(Stored items)
_ _ _ _
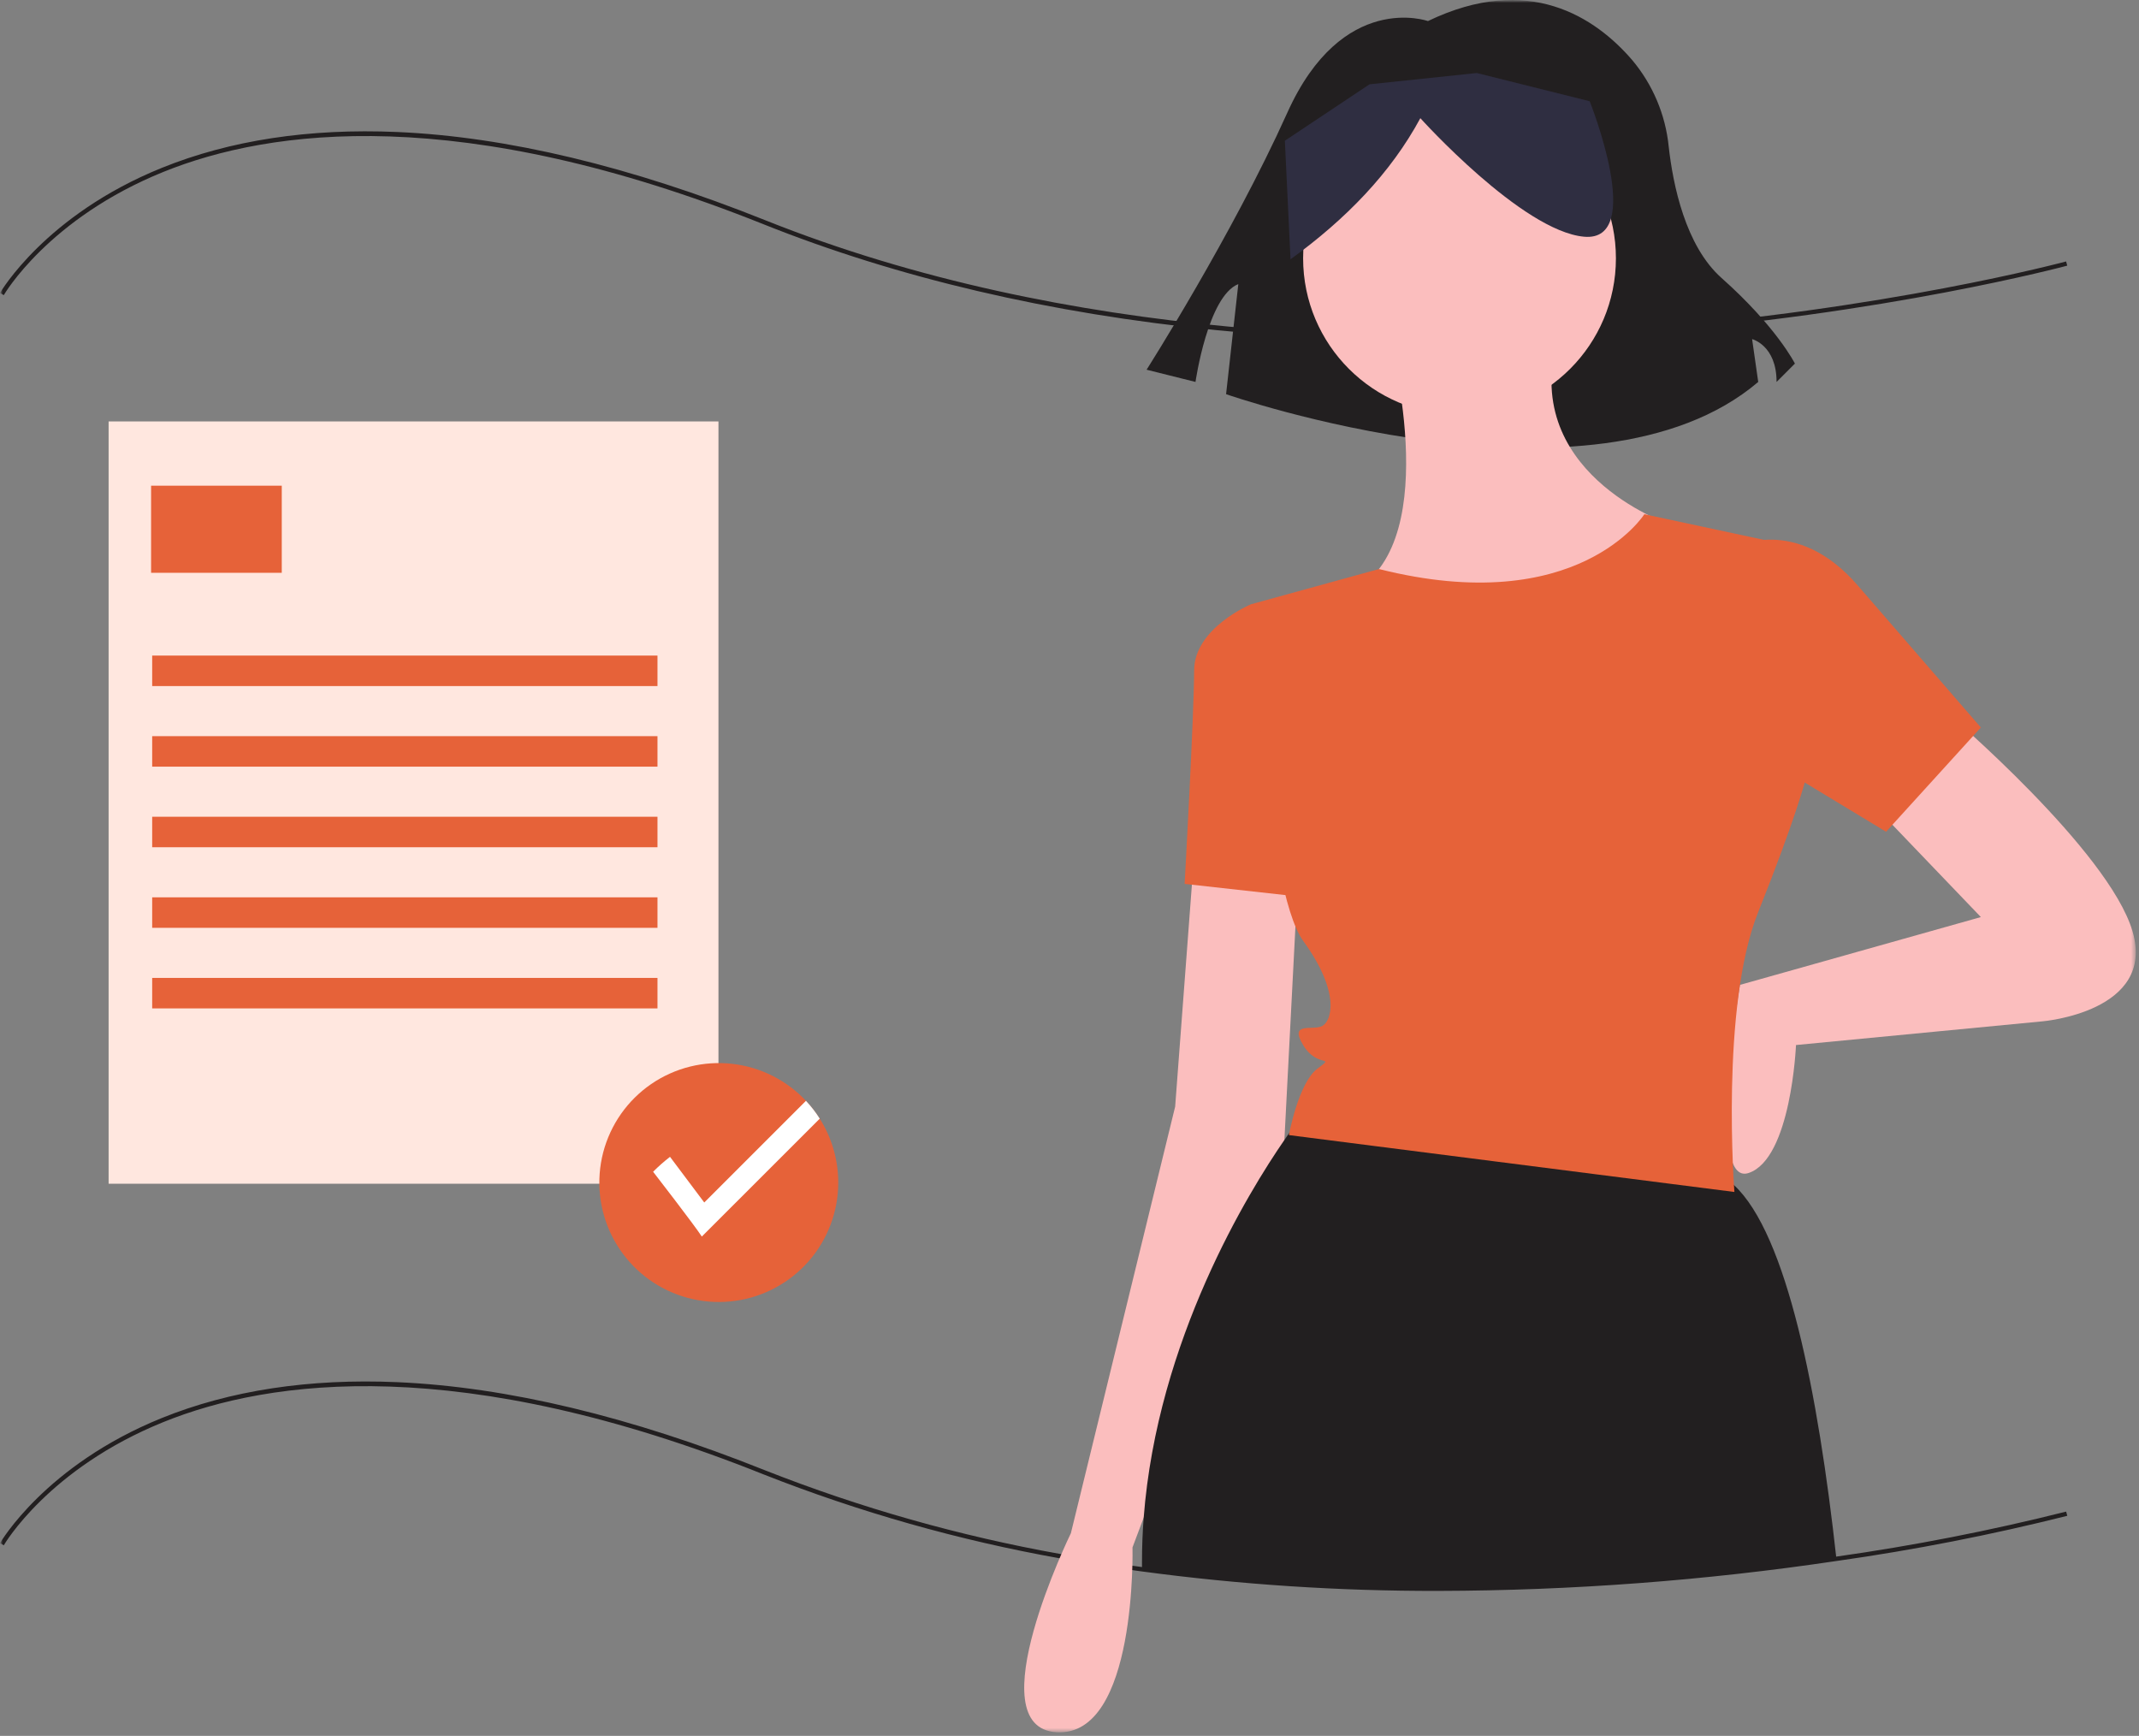 <svg width="398" height="323" viewBox="0 0 398 323" fill="none" xmlns="http://www.w3.org/2000/svg">
<rect x="0" y="0" width="398" height="323" fill="#808080" stroke="none"/>
<g clip-path="url(#clip0_34_473)">
<mask id="mask0_34_473" style="mask-type:luminance" maskUnits="userSpaceOnUse" x="0" y="0" width="398" height="323">
<path d="M398 0H0V323H398V0Z" fill="white"/>
</mask>
<g mask="url(#mask0_34_473)">
<mask id="mask1_34_473" style="mask-type:luminance" maskUnits="userSpaceOnUse" x="0" y="0" width="398" height="323">
<path d="M397.398 0H0V322.333H397.398V0Z" fill="white"/>
</mask>
<g mask="url(#mask1_34_473)">
<path d="M267.741 296.017C249.244 296.066 230.766 294.856 212.434 292.393C211.834 292.317 211.229 292.231 210.626 292.141C206.126 291.501 201.626 290.77 197.247 289.967C178.374 286.599 159.883 281.361 142.047 274.33C85.682 251.783 50.253 256.583 30.453 264.583C9.024 273.235 0.787 287.389 0.706 287.531L0.006 287.131C0.088 286.987 8.431 272.621 30.094 263.856C42.794 258.716 57.53 256.47 73.894 257.178C94.318 258.063 117.35 263.578 142.351 273.578C160.138 280.589 178.578 285.812 197.4 289.17C201.766 289.97 206.258 290.701 210.75 291.339C211.35 291.428 211.95 291.513 212.55 291.59C262.242 298.426 310.181 294.303 341.65 289.642C356.052 287.603 370.336 284.806 384.443 281.263L384.655 282.045C370.517 285.597 356.202 288.401 341.769 290.445C317.265 294.095 292.527 295.957 267.753 296.018L267.741 296.017Z" fill="#221F20"/>
<path d="M267.795 63.412C253.508 63.412 239.595 62.744 226.18 61.412C195.343 58.341 167.035 51.712 142.042 41.717C85.686 19.174 50.253 23.972 30.452 31.966C9.023 40.617 0.786 54.772 0.705 54.914L0.005 54.514C0.087 54.37 8.43 40.005 30.093 31.239C42.793 26.099 57.529 23.852 73.893 24.561C94.317 25.445 117.349 30.961 142.35 40.961C198.795 63.539 261.604 64.426 304.355 61.198C350.692 57.698 384.105 48.737 384.437 48.647L384.649 49.429C384.317 49.519 350.849 58.497 304.434 62.005C292.001 62.942 279.765 63.412 267.795 63.412Z" fill="#221F20"/>
<path d="M265.696 3.919C265.696 3.919 249.763 -1.771 239.52 20.99C229.277 43.751 213.344 68.79 213.344 68.79L222.444 71.066C222.444 71.066 224.72 55.133 230.411 52.857L228.135 73.343C228.135 73.343 296.421 97.243 327.149 71.067L326.011 63.1C326.011 63.1 330.563 64.238 330.563 71.067L333.977 67.653C333.977 67.653 330.563 60.824 320.32 51.72C313.597 45.744 311.287 34.375 310.493 27.267C309.898 21.331 307.523 15.714 303.68 11.152C296.878 3.262 284.475 -5.119 265.696 3.919Z" fill="#221F20"/>
<path d="M362.402 132.719C362.402 132.719 392.385 158.293 396.794 173.284C401.203 188.275 380.039 190.039 380.039 190.039L334.178 194.449C334.178 194.449 333.296 215.613 325.36 218.259C317.424 220.905 323.749 183.259 323.749 183.259L368.578 170.639L348.295 149.475L362.402 132.719Z" fill="#FBBEBE"/>
<path d="M222.186 159.174L218.659 205.912L199.259 285.279C199.259 285.279 181.622 321.435 196.613 322.317C211.604 323.199 210.722 287.925 210.722 287.925L238.941 212.967L241.587 161.82L222.186 159.174Z" fill="#FBBEBE"/>
<path d="M271.57 77.162C287.642 77.162 300.671 64.133 300.671 48.061C300.671 31.989 287.642 18.96 271.57 18.96C255.498 18.96 242.469 31.989 242.469 48.061C242.469 64.133 255.498 77.162 271.57 77.162Z" fill="#FBBEBE"/>
<path d="M258.342 62.171C258.342 62.171 268.924 100.091 252.169 109.791C235.414 119.491 294.498 126.546 310.369 97.445C310.369 97.445 282.15 87.745 290.086 62.171H258.342Z" fill="#FBBEBE"/>
<path d="M238.06 114.2L232.769 112.436C232.769 112.436 222.186 116.842 222.186 124.782C222.186 132.722 220.422 164.465 220.422 164.465L244.232 167.111L238.06 114.2Z" fill="#E66239"/>
<path d="M341.697 290.042C309.143 294.864 261.697 298.759 212.489 291.991C212.489 291.505 212.489 291.031 212.489 290.569C212.489 287.817 212.594 285.097 212.805 282.407C215.326 249.289 232.387 221.68 238.989 212.107C239.321 211.621 239.629 211.183 239.905 210.794C240.971 209.294 241.591 208.508 241.591 208.508C241.591 208.508 292.739 207.673 319.191 218.254C320.467 218.79 321.634 219.553 322.636 220.507C332.498 229.614 338.293 259.167 341.697 290.042Z" fill="#221F20"/>
<path d="M322.718 101.854C322.718 101.854 334.182 95.681 345.646 108.909L368.574 135.365L350.937 154.765L317.428 134.483L322.718 101.854Z" fill="#E66239"/>
<path d="M240.124 48.246C250.424 40.79 258.765 32.203 264.282 21.988C264.282 21.988 283.188 42.995 294.742 44.045C306.296 45.095 295.792 18.837 295.792 18.837L274.785 13.585L254.828 15.685L239.073 26.185L240.124 48.246Z" fill="#2F2E41"/>
<path d="M305.962 95.681C305.962 95.681 293.621 115.193 256.581 105.881L235.562 111.67L232.768 112.439C232.768 112.439 235.414 165.35 242.468 175.05C249.522 184.75 247.759 190.042 245.995 190.923C244.231 191.804 239.822 190.041 242.468 194.45C245.114 198.859 248.641 196.214 245.114 198.859C241.587 201.504 239.823 211.207 239.823 211.207L322.717 221.79C322.717 221.79 320.071 187.398 327.126 169.761C334.181 152.124 335.945 145.069 335.945 145.069L330.654 100.976L305.962 95.681Z" fill="#E66239"/>
<path d="M133.682 78.417H20.21V220.257H133.682V78.417Z" fill="#FFE7DF"/>
<path d="M52.428 90.372H28.113V106.582H52.428V90.372Z" fill="#E66239"/>
<path d="M122.336 121.982H28.316V127.656H122.336V121.982Z" fill="#E66239"/>
<path d="M122.336 136.977H28.316V142.651H122.336V136.977Z" fill="#E66239"/>
<path d="M122.336 151.972H28.316V157.646H122.336V151.972Z" fill="#E66239"/>
<path d="M122.336 166.966H28.316V172.64H122.336V166.966Z" fill="#E66239"/>
<path d="M122.336 181.96H28.316V187.634H122.336V181.96Z" fill="#E66239"/>
<path d="M155.972 220.055C155.967 225.408 154.03 230.579 150.518 234.618C147.006 238.658 142.154 241.294 136.854 242.043C131.554 242.791 126.162 241.602 121.668 238.694C117.175 235.786 113.881 231.353 112.394 226.212C110.906 221.07 111.324 215.564 113.57 210.705C115.817 205.847 119.741 201.962 124.622 199.766C129.504 197.569 135.013 197.207 140.14 198.747C145.266 200.287 149.665 203.625 152.527 208.148C154.781 211.71 155.976 215.84 155.972 220.055Z" fill="#E66239"/>
<path d="M152.527 208.149L130.587 230.085C129.208 227.95 121.525 218.029 121.525 218.029C122.51 217.034 123.56 216.107 124.67 215.253L131.041 223.747L149.962 204.83C150.921 205.853 151.781 206.964 152.531 208.149H152.527Z" fill="white"/>
</g>
</g>
</g>
<defs>
<clipPath id="clip0_34_473">
<rect width="398" height="323" fill="white"/>
</clipPath>
</defs>
</svg>
_ _ _ _
ASSIGNMENT: Each line that holds the string "type" is to be copied from the entries above.

REPLY TO THE EXERCISE:
<mask id="mask0_34_473" style="mask-type:luminance" maskUnits="userSpaceOnUse" x="0" y="0" width="398" height="323">
<mask id="mask1_34_473" style="mask-type:luminance" maskUnits="userSpaceOnUse" x="0" y="0" width="398" height="323">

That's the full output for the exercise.